Oddballs also offers a range of options in relation to camping, luxury accommodation and mokoro hire. They are at p o Box 39, Maun. Tel: 66 1154; Fax 66 0589 email okovango@info.bw

 

Nata

From Maun we traveled to Nata en route to Kasane.  The road between Maun and Nata is tarred and in good condition.  There is no petrol or diesel available between Nata and Maun though. We had intended to over night at the Nxai Pan but due to the punitively high cost of park entrance fees it did not make sense for us to spend one night there so we pushed on to Nata.  In Nata we stayed at the Nata Lodge which is absolutely excellent value!  The Nata Lodge is situated 10km east of Nata and offers camping for 26-50 per person per night.  The ablutions are currently being upgraded so are not in the best shape but should be completed later this year.  Campers have full access to the Lodge facilities including the pool and restaurant.

 

Kasane / Chobe

From Nata we headed north to Kasane – once again the road is tarred and in good condition but there is no petrol or diesel between Nata and Kasane – a distance of about 300km.Keep your eyes open while driving along this route – we saw lots and lots of elephants!

 

Our first night was spent at the Ihaha camp, on the banks of the Chobe River.  Serondela has been closed and a new campsite has been built at Ihaha.  The campsites at Ihaha are enormous and beautifully situated.  The views of the river are awesome.  The ablution block is situated quite far away from some of the sites and it’s quite a walk to get there!  You also don’t want to do this walk at night as Chobe’s camps are not fenced and there are plenty of wild animals prowling around at night.  The ablutions are very nice but are not very clean and there is no hot water – despite the fact that it looks like there is a solar panel system.  Around Ihaha and at the Chobe River itself game can be spotted in abundance!  We saw herds and herds of elephants including some breeding herds with tiny elephant calves.  We also saw lots of hippos, buffalo, giraffe and even the rare sable antelope.  The game viewing is really amazing.

 

         

 

From Ihaha we traveled to Savuti (check out all our moaning about the road above!).Once again the campsites at Savuti are enormous and well situated – you cannot see your neighbours which is superb.  The ablutions are nice but far from the campsites and not always clean.  We did not see as much game at Savuti as we had at Ihaha.  There were lots of elephants but we had heard that “One always sees lions at Savuti!”  Not true – we did not see any.

 

             

 

From Savuti we traveled back to Ihaha where we spent our third night in the park.

Some Chobe tit bits:    

From Ihaha we traveled back to Kasane and stayed at the Chobe Safari Lodge in Kasane.  The Lodge provided us with a haven after our harrowing trip through Chobe.
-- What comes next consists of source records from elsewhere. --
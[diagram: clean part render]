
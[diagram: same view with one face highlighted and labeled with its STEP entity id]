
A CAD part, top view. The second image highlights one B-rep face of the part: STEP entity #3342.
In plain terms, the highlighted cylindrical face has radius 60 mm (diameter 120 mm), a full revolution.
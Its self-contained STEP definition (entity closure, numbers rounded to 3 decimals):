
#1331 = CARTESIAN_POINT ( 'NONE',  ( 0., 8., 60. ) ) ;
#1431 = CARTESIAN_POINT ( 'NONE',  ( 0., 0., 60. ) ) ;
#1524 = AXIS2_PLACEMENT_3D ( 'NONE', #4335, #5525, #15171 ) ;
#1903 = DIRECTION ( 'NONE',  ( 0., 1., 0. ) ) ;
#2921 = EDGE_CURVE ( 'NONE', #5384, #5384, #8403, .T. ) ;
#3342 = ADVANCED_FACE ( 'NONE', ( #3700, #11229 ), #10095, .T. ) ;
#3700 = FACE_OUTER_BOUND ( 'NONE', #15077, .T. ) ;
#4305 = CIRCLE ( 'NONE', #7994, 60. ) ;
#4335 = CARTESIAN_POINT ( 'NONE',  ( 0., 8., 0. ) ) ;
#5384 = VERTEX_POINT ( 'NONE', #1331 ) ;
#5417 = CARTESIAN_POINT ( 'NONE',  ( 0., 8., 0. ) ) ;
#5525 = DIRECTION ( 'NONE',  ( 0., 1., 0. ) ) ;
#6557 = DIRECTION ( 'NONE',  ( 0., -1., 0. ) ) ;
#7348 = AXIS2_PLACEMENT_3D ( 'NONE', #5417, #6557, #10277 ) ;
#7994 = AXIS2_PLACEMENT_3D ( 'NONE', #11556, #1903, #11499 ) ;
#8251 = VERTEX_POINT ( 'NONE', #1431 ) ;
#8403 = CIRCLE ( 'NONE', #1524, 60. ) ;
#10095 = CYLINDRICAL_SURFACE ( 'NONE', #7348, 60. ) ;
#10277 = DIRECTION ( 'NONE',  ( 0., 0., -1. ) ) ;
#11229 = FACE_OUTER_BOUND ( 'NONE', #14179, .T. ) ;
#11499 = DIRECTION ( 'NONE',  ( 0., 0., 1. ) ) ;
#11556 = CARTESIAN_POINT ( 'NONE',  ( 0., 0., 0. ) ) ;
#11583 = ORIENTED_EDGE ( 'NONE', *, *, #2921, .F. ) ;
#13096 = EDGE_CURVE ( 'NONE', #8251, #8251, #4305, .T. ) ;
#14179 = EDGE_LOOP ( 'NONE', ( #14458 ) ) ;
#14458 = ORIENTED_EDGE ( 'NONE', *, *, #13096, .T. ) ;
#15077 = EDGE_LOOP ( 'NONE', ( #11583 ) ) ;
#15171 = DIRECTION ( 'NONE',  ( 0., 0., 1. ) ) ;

You can camp at the Lodge for 30-00 pula per person per night.  We had had enough of camping (having done it for 22 days straight) and so we booked into a hotel room that had satellite TV, air -conditioning, a bath, a phone and a double bed!  I think that our room cost about 475-00 pula for the night but was well worth it.  The Lodge also has a fully licensed restaurant and bar.

 

In Kasane shop at Savas Superette and the Hot Bread Shop.

 

From Kasane we headed to the border between Botswana and Zimbabwe at Kazungula.  We had wanted to find a place in KasaneKazungula where we could have our wheels balanced as we were still limping along following the track rod debacle.  There was nothing available in either Kasane or Kazungula (except a dodgy Nissan garage where we were greeted by a crotchety old geezer who was cleaning a shot gun).In the end we had to wait until we got to Vic Falls.